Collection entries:
======

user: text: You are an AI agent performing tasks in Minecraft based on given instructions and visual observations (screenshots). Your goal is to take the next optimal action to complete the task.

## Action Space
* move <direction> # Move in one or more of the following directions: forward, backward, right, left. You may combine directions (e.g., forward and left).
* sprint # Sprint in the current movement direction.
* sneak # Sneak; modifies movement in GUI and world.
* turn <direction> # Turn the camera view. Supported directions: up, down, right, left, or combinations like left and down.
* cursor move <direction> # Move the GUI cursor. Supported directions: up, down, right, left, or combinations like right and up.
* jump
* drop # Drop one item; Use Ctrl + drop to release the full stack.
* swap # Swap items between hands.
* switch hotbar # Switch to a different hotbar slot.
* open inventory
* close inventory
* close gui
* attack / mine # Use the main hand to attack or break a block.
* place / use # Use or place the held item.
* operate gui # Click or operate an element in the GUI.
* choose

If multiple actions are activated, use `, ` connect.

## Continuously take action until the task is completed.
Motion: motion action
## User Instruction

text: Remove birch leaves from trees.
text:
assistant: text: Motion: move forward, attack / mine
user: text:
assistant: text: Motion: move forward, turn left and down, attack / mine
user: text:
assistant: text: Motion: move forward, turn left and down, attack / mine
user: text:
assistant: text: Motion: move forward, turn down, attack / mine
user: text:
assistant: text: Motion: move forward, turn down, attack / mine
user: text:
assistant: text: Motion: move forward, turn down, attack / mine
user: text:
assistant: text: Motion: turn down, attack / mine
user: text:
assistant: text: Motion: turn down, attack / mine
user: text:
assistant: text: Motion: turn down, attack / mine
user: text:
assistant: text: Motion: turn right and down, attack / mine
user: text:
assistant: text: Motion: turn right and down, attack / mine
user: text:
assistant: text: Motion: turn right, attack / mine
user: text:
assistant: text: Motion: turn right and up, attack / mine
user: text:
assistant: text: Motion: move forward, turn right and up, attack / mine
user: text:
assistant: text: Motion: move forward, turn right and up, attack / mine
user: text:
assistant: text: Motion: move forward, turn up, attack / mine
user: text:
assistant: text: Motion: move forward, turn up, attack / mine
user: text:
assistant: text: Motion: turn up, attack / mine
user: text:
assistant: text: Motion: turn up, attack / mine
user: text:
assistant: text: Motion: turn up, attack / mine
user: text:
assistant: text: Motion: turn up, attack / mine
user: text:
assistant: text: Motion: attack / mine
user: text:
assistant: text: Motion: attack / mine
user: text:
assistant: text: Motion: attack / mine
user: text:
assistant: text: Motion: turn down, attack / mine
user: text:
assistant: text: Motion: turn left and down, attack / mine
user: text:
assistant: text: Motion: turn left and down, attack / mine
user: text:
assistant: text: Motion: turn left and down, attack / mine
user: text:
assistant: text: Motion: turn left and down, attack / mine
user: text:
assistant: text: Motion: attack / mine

======

INSTRUCTIONS FOR THE TASK: Could you return all lines from the data above that contain the string "take"?

ANSWER SPACE:
user: text: You are an AI agent performing tasks in Minecraft based on given instructions and visual observations (screenshots). Your goal is to take the next optimal action to complete the task.
## Continuously take action until the task is completed.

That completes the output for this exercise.